Interview with Dr. Armen Orujyan

Dr. Armen Orujyan
Photo courtesy of Athgo

Dr. Armen Orujyan is the founder and chairman of Athgo, an entrepreneurship platform that is in consultative status with the United Nations Economic and Social Council, U.N. Department of Public Information and the World Intellectual Property Organization. Athgo advances innovation ecosystems in Europe and Africa and has established recurring global innovation forums at the U.N. and World Bank. Orujyan earned his bachelor’s degree from the University of California, Los Angeles in 2000 and his doctorate degree from Claremont Graduate University in 2007. In 2017, Orujyan joined the Baker Institute’s Board of Advisors.

The McNair Center’s Diana Carranza recently interviewed Orujyan about his experience in social entrepreneurship.

What is your definition of Social Entrepreneurship?
I would characterize, albeit no longer classify, social entrepreneurship as building enterprises that create both financial wealth and communal value. The approach advances the idea that “doing good” and “doing well” can and should coexist. I just call it constructive entrepreneurship. Constructive entrepreneurs create short-term value through the provision of products and services, and long-term value through enterprise operations. Their activities incorporate two characteristics: positive net income (wealth creation) and positive net value (communal value creation). To be successful, constructive entrepreneurs expand performance criteria to measure and communicate both net income and net value.

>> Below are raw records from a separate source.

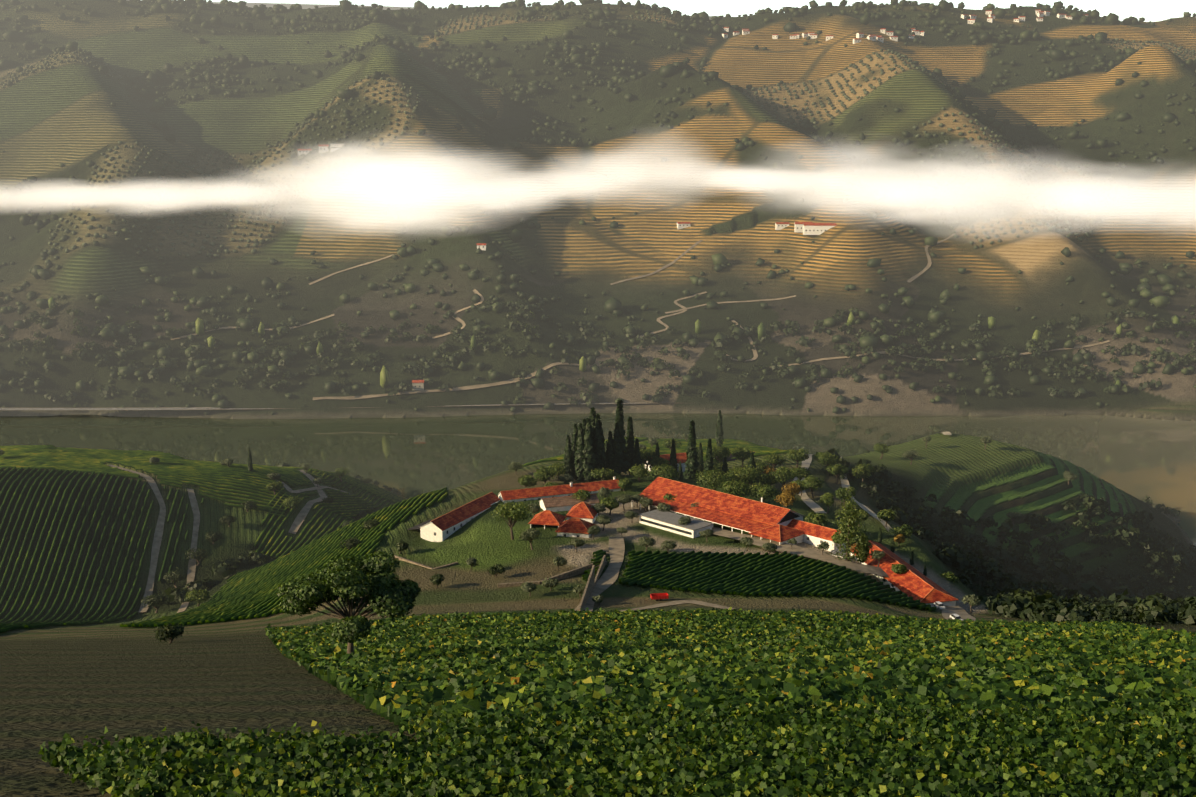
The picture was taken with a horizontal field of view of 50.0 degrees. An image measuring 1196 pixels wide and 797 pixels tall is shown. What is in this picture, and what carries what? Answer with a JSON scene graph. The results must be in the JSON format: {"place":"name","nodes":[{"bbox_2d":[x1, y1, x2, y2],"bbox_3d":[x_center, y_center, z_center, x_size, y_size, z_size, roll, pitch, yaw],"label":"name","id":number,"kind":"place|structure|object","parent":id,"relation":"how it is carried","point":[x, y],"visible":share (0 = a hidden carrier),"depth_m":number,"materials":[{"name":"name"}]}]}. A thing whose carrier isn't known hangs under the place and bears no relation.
{"place":"outdoors","nodes":[
{"label":"outdoors","id":0,"kind":"place"},
{"bbox_2d":[0,403,611,409],"bbox_3d":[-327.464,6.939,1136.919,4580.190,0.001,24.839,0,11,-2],"label":"river road","id":1,"kind":"structure","parent":0,"point":[180,408],"depth_m":1127.63,"materials":[{"name":"grey asphalt"}]},
{"bbox_2d":[148,403,605,409],"bbox_3d":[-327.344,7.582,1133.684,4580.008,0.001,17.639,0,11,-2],"label":"river road line","id":2,"kind":"object","parent":1,"relation":"on","point":[272,408],"visible":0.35,"depth_m":1127.61,"materials":[{"name":"white paint"}]},
{"bbox_2d":[163,403,641,409],"bbox_3d":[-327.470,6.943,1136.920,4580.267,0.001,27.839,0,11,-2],"label":"river road bench","id":3,"kind":"object","parent":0,"point":[353,407],"visible":0.1,"depth_m":1131.90,"materials":[{"name":"stone"}]},
{"bbox_2d":[0,0,1195,796],"bbox_3d":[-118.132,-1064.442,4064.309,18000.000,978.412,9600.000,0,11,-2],"label":"terrain","id":4,"kind":"structure","parent":0,"point":[90,680],"depth_m":1296.62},
{"bbox_2d":[108,465,165,611],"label":"dirt track","id":5,"kind":"structure","parent":4,"relation":"on","point":[157,538],"depth_m":577.93,"materials":[{"name":"beige soil"}]},
{"bbox_2d":[177,489,199,612],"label":"dirt track","id":6,"kind":"structure","parent":4,"relation":"on","point":[192,562],"depth_m":586.93,"materials":[{"name":"beige soil"}]},
{"bbox_2d":[171,314,333,339],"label":"track","id":7,"kind":"structure","parent":4,"relation":"on","point":[331,315],"depth_m":1225.81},
{"bbox_2d":[297,149,311,155],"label":"house","id":8,"kind":"structure","parent":4,"relation":"on","point":[301,151],"depth_m":1520.82,"materials":[{"name":"paint"}]},
{"bbox_2d":[289,470,326,533],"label":"dirt track","id":9,"kind":"structure","parent":4,"relation":"on","point":[299,519],"depth_m":633.71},
{"bbox_2d":[282,482,347,492],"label":"dirt track","id":10,"kind":"structure","parent":4,"relation":"on","point":[288,488],"depth_m":660.91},
{"bbox_2d":[141,477,504,641],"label":"trees","id":11,"kind":"object","parent":4,"relation":"on","point":[178,630],"visible":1,"depth_m":516.11,"materials":[{"name":"green plant"}]},
{"bbox_2d":[319,145,328,151],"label":"white house","id":12,"kind":"structure","parent":4,"relation":"on","point":[323,147],"depth_m":1510.19,"materials":[{"name":"paint"}]},
{"bbox_2d":[330,143,344,150],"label":"white house","id":13,"kind":"structure","parent":4,"relation":"on","point":[335,144],"depth_m":1507.51,"materials":[{"name":"paint"}]},
{"bbox_2d":[277,551,421,643],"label":"tree","id":14,"kind":"object","parent":4,"relation":"on","point":[326,582],"visible":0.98,"depth_m":175.72,"materials":[{"name":"green plant"}]},
{"bbox_2d":[309,254,393,284],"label":"track","id":15,"kind":"structure","parent":4,"relation":"on","point":[320,279],"depth_m":1320.07,"materials":[{"name":"beige soil"}]},
{"bbox_2d":[412,380,424,389],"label":"house","id":16,"kind":"structure","parent":4,"relation":"on","point":[417,384],"depth_m":1144.52,"materials":[{"name":"paint"}]},
{"bbox_2d":[407,520,431,529],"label":"stone wall","id":17,"kind":"structure","parent":4,"relation":"on","point":[418,526],"depth_m":488.02,"materials":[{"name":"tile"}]},
{"bbox_2d":[394,555,457,568],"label":"terrace stone wall","id":18,"kind":"structure","parent":4,"relation":"on","point":[422,565],"depth_m":435.04,"materials":[{"name":"stone"}]},
{"bbox_2d":[313,362,578,399],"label":"track","id":19,"kind":"structure","parent":4,"relation":"on","point":[463,387],"depth_m":1148.71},
{"bbox_2d":[420,497,490,541],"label":"long building","id":20,"kind":"structure","parent":4,"relation":"on","point":[443,527],"depth_m":485.78,"materials":[{"name":"tile"}]},
{"bbox_2d":[432,289,483,338],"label":"track","id":21,"kind":"structure","parent":4,"relation":"on","point":[475,291],"depth_m":1231.73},
{"bbox_2d":[0,437,936,632],"bbox_3d":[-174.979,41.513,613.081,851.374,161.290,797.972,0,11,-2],"label":"vineyard rows","id":22,"kind":"object","parent":4,"relation":"on","point":[250,593],"visible":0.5,"depth_m":537.21,"materials":[{"name":"green plant"}]},
{"bbox_2d":[477,243,486,250],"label":"house","id":23,"kind":"structure","parent":4,"relation":"on","point":[481,246],"depth_m":1296.34,"materials":[{"name":"paint"}]},
{"bbox_2d":[481,492,500,504],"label":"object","id":24,"kind":"object","parent":4,"relation":"on","point":[491,498],"visible":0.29,"depth_m":514.68,"materials":[{"name":"tile"}]},
{"bbox_2d":[0,434,1077,605],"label":"trees","id":25,"kind":"object","parent":4,"relation":"on","point":[530,533],"visible":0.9,"depth_m":475.13,"materials":[{"name":"green plant"}]},
{"bbox_2d":[528,510,565,528],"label":"pavilion","id":26,"kind":"structure","parent":4,"relation":"on","point":[546,518],"depth_m":482.40,"materials":[{"name":"tile"}]},
{"bbox_2d":[498,561,606,587],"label":"stone wall","id":27,"kind":"structure","parent":4,"relation":"on","point":[576,571],"depth_m":415.15,"materials":[{"name":"stone"}]},
{"bbox_2d":[498,476,620,502],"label":"long building","id":28,"kind":"structure","parent":4,"relation":"on","point":[535,493],"depth_m":524.79,"materials":[{"name":"tile"}]},
{"bbox_2d":[539,494,598,511],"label":"building","id":29,"kind":"structure","parent":4,"relation":"on","point":[563,503],"depth_m":505.95,"materials":[{"name":"tile"}]},
{"bbox_2d":[555,518,595,537],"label":"small house","id":30,"kind":"structure","parent":4,"relation":"on","point":[575,527],"depth_m":472.05,"materials":[{"name":"tile"}]},
{"bbox_2d":[565,502,597,522],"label":"pavilion","id":31,"kind":"structure","parent":4,"relation":"on","point":[584,511],"depth_m":488.62,"materials":[{"name":"tile"}]},
{"bbox_2d":[247,407,926,575],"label":"cypress trees","id":32,"kind":"object","parent":4,"relation":"on","point":[590,448],"visible":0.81,"depth_m":551.66,"materials":[{"name":"green plant"}]},
{"bbox_2d":[578,555,605,610],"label":"stone wall","id":33,"kind":"structure","parent":4,"relation":"on","point":[591,582],"depth_m":394.95,"materials":[{"name":"stone"}]},
{"bbox_2d":[0,0,1195,516],"bbox_3d":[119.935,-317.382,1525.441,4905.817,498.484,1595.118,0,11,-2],"label":"scrub trees","id":34,"kind":"object","parent":4,"relation":"on","point":[288,354],"visible":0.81,"depth_m":1266.52,"materials":[{"name":"green plant"}]},
{"bbox_2d":[0,9,1195,272],"bbox_3d":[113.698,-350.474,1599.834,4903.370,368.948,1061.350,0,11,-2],"label":"olive trees","id":35,"kind":"object","parent":4,"relation":"on","point":[28,69],"visible":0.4,"depth_m":1516.73,"materials":[{"name":"green plant"}]},
{"bbox_2d":[574,537,624,610],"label":"driveway","id":36,"kind":"structure","parent":4,"relation":"on","point":[607,579],"depth_m":424.15,"materials":[{"name":"beige gravel"}]},
{"bbox_2d":[153,434,1070,653],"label":"tree trunks","id":37,"kind":"object","parent":4,"relation":"on","point":[340,613],"visible":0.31,"depth_m":443.94,"materials":[{"name":"brown plant"}]},
{"bbox_2d":[184,439,959,603],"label":"trees","id":38,"kind":"object","parent":37,"relation":"on","point":[661,465],"visible":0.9,"depth_m":535.56,"materials":[{"name":"green plant"}]},
{"bbox_2d":[762,465,904,542],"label":"autumn trees","id":39,"kind":"object","parent":37,"relation":"attached to","point":[786,497],"visible":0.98,"depth_m":496.61,"materials":[{"name":"plant"}]},
{"bbox_2d":[831,496,872,562],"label":"tree","id":40,"kind":"object","parent":37,"relation":"attached to","point":[863,545],"visible":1,"depth_m":437.06,"materials":[{"name":"green plant"}]},
{"bbox_2d":[48,296,1179,394],"bbox_3d":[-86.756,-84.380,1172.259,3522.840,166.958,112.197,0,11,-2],"label":"trees","id":41,"kind":"object","parent":4,"relation":"on","point":[199,323],"visible":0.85,"depth_m":1212.38,"materials":[{"name":"green plant"}]},
{"bbox_2d":[38,686,1195,796],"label":"vine leaves","id":42,"kind":"object","parent":4,"relation":"on","point":[922,731],"visible":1,"depth_m":48.10,"materials":[{"name":"green plant"}]},
{"bbox_2d":[47,610,1195,796],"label":"vine rows","id":43,"kind":"object","parent":4,"relation":"on","point":[982,787],"visible":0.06,"depth_m":77.93,"materials":[{"name":"green plant"}]},
{"bbox_2d":[611,240,702,284],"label":"track","id":44,"kind":"structure","parent":4,"relation":"on","point":[681,255],"depth_m":1356.96,"materials":[{"name":"beige soil"}]},
{"bbox_2d":[650,593,673,600],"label":"red grape trailer","id":45,"kind":"object","parent":4,"relation":"on","point":[658,596],"visible":1,"depth_m":383.45,"materials":[{"name":"paint"}]},
{"bbox_2d":[645,452,687,471],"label":"house","id":46,"kind":"structure","parent":4,"relation":"on","point":[681,457],"depth_m":581.58,"materials":[{"name":"tile"}]},
{"bbox_2d":[636,291,706,336],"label":"track","id":47,"kind":"structure","parent":4,"relation":"on","point":[659,318],"depth_m":1265.69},
{"bbox_2d":[639,509,712,537],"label":"flat-roofed building","id":48,"kind":"structure","parent":4,"relation":"on","point":[664,520],"depth_m":479.15,"materials":[{"name":"concrete"}]},
{"bbox_2d":[619,600,735,610],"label":"dirt track","id":49,"kind":"structure","parent":4,"relation":"on","point":[685,601],"depth_m":376.72,"materials":[{"name":"beige soil"}]},
{"bbox_2d":[161,444,1195,625],"bbox_3d":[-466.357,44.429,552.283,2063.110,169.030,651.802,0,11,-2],"label":"scrub slope foliage","id":50,"kind":"object","parent":4,"relation":"on","point":[1017,596],"visible":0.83,"depth_m":571.01,"materials":[{"name":"green plant"}]},
{"bbox_2d":[677,222,690,228],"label":"house","id":51,"kind":"structure","parent":4,"relation":"on","point":[680,225],"depth_m":1430.32,"materials":[{"name":"paint"}]},
{"bbox_2d":[614,399,758,482],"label":"cypress trees","id":52,"kind":"object","parent":4,"relation":"on","point":[631,456],"visible":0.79,"depth_m":558.43,"materials":[{"name":"green plant"}]},
{"bbox_2d":[632,491,772,538],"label":"long building","id":53,"kind":"structure","parent":4,"relation":"on","point":[721,518],"depth_m":484.65,"materials":[{"name":"paint"}]},
{"bbox_2d":[643,477,803,525],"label":"winery","id":54,"kind":"structure","parent":4,"relation":"on","point":[761,511],"depth_m":489.43,"materials":[{"name":"tile"}]},
{"bbox_2d":[264,607,1195,725],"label":"vineyard","id":55,"kind":"object","parent":4,"relation":"on","point":[787,683],"visible":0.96,"depth_m":149.75,"materials":[{"name":"green plant"}]},
{"bbox_2d":[665,295,795,313],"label":"track","id":56,"kind":"structure","parent":4,"relation":"on","point":[732,302],"depth_m":1286.01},
{"bbox_2d":[714,452,754,461],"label":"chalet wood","id":57,"kind":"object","parent":4,"relation":"on","point":[730,456],"visible":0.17,"depth_m":615.66,"materials":[{"name":"wood"}]},
{"bbox_2d":[726,320,757,361],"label":"track","id":58,"kind":"structure","parent":4,"relation":"on","point":[753,350],"depth_m":1205.54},
{"bbox_2d":[742,30,749,34],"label":"village house","id":59,"kind":"structure","parent":4,"relation":"on","point":[744,32],"depth_m":2007.95,"materials":[{"name":"paint"}]},
{"bbox_2d":[772,34,778,38],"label":"village house","id":60,"kind":"structure","parent":4,"relation":"on","point":[774,36],"depth_m":1975.61,"materials":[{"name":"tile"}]},
{"bbox_2d":[749,524,804,544],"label":"winery pavilion","id":61,"kind":"structure","parent":4,"relation":"on","point":[781,534],"depth_m":463.47,"materials":[{"name":"tile"}]},
{"bbox_2d":[775,222,788,229],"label":"house","id":62,"kind":"structure","parent":4,"relation":"on","point":[780,225],"depth_m":1397.52,"materials":[{"name":"paint"}]},
{"bbox_2d":[794,222,811,231],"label":"house","id":63,"kind":"structure","parent":4,"relation":"on","point":[798,227],"depth_m":1374.19,"materials":[{"name":"white paint"}]},
{"bbox_2d":[810,34,817,38],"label":"village house","id":64,"kind":"structure","parent":4,"relation":"on","point":[813,36],"depth_m":1959.29,"materials":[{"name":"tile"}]},
{"bbox_2d":[787,519,845,551],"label":"winery wing","id":65,"kind":"structure","parent":4,"relation":"on","point":[815,535],"depth_m":464.15,"materials":[{"name":"white paint"}]},
{"bbox_2d":[803,223,836,234],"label":"building","id":66,"kind":"structure","parent":4,"relation":"on","point":[814,228],"depth_m":1351.69,"materials":[{"name":"paint"}]},
{"bbox_2d":[826,35,833,40],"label":"village house","id":67,"kind":"structure","parent":4,"relation":"on","point":[828,37],"depth_m":1917.68,"materials":[{"name":"paint"}]},
{"bbox_2d":[831,551,845,559],"bbox_3d":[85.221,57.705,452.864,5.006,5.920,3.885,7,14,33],"label":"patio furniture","id":68,"kind":"object","parent":4,"relation":"on","point":[835,552],"visible":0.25,"depth_m":451.92,"materials":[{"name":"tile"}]},
{"bbox_2d":[712,527,975,620],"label":"road","id":69,"kind":"structure","parent":4,"relation":"on","point":[947,611],"depth_m":441.13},
{"bbox_2d":[950,614,962,619],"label":"car","id":70,"kind":"object","parent":69,"relation":"on","point":[955,616],"visible":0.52,"depth_m":376.38,"materials":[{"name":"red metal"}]},
{"bbox_2d":[853,38,861,43],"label":"village house","id":71,"kind":"structure","parent":4,"relation":"on","point":[856,40],"depth_m":1847.62,"materials":[{"name":"paint"}]},
{"bbox_2d":[856,33,863,37],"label":"village house","id":72,"kind":"structure","parent":4,"relation":"on","point":[859,35],"depth_m":1866.43,"materials":[{"name":"paint"}]},
{"bbox_2d":[876,37,883,42],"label":"village house","id":73,"kind":"structure","parent":4,"relation":"on","point":[880,39],"depth_m":1875.67,"materials":[{"name":"paint"}]},
{"bbox_2d":[886,31,892,35],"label":"village house","id":74,"kind":"structure","parent":4,"relation":"on","point":[889,33],"depth_m":1930.62,"materials":[{"name":"paint"}]},
{"bbox_2d":[890,36,897,41],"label":"village house","id":75,"kind":"structure","parent":4,"relation":"on","point":[894,38],"depth_m":1918.33,"materials":[{"name":"paint"}]},
{"bbox_2d":[845,540,958,608],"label":"long shed","id":76,"kind":"structure","parent":4,"relation":"on","point":[914,583],"depth_m":424.66,"materials":[{"name":"tile"}]},
{"bbox_2d":[907,228,959,282],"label":"track","id":77,"kind":"structure","parent":4,"relation":"on","point":[911,279],"depth_m":1343.31,"materials":[{"name":"beige soil"}]},
{"bbox_2d":[933,601,944,608],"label":"white parked car","id":78,"kind":"object","parent":4,"relation":"on","point":[939,604],"visible":0.96,"depth_m":405.77,"materials":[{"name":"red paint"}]},
{"bbox_2d":[769,340,1109,367],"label":"track","id":79,"kind":"structure","parent":4,"relation":"on","point":[884,352],"depth_m":1193.92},
{"bbox_2d":[967,19,974,23],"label":"village house","id":80,"kind":"structure","parent":4,"relation":"on","point":[971,21],"depth_m":1984.92,"materials":[{"name":"paint"}]},
{"bbox_2d":[987,17,992,22],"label":"village house","id":81,"kind":"structure","parent":4,"relation":"on","point":[989,19],"depth_m":1997.67,"materials":[{"name":"paint"}]},
{"bbox_2d":[1057,14,1064,17],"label":"village house","id":82,"kind":"structure","parent":4,"relation":"on","point":[1060,15],"depth_m":2024.50,"materials":[{"name":"paint"}]},
{"bbox_2d":[0,413,1195,544],"bbox_3d":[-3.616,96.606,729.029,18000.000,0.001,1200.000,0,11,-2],"label":"river water","id":83,"kind":"structure","parent":0,"point":[1154,460],"depth_m":1048.75,"materials":[{"name":"green liquid"}]},
{"bbox_2d":[0,0,1195,247],"label":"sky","id":84,"kind":"structure","parent":0,"point":[1151,10],"materials":[{"name":"white"}]},
{"bbox_2d":[840,457,890,530],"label":"dirt track","id":85,"kind":"structure","parent":0,"point":[845,482],"depth_m":529.38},
{"bbox_2d":[793,432,951,512],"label":"road","id":86,"kind":"structure","parent":0,"point":[811,504],"depth_m":533.39,"materials":[{"name":"grey asphalt"}]}
]}

How did you get involved in Social Entrepreneurship?
While in college after doing advisory work for U.S. political campaigns, including Vice President Gore’s Presidential run in 2000, I led a human rights movement that brought over 40,000 young people and concerned citizens onto the streets of Los Angeles. Leveraging the power of social media and the convening power of youth, the movement has since turned into an annual observance, attracting in effect of 160,000 people.

The experience of passionately following a vision and watching tens of thousands of people from all walks of life join to pursue a common objective was humbling and at the same time powerful and enlightening. I began seeing that with a slight push, direction and a compelling story, not only I, but also all individuals on the margins, especially young people, can realize their potential.

The success of the movement was emotionally gratifying and intellectually fulfilling, and it paved the way for my next phase in life. I wanted to do well in life by empowering young adults avoid many of my own past challenges and encourage and aid those with great ideas.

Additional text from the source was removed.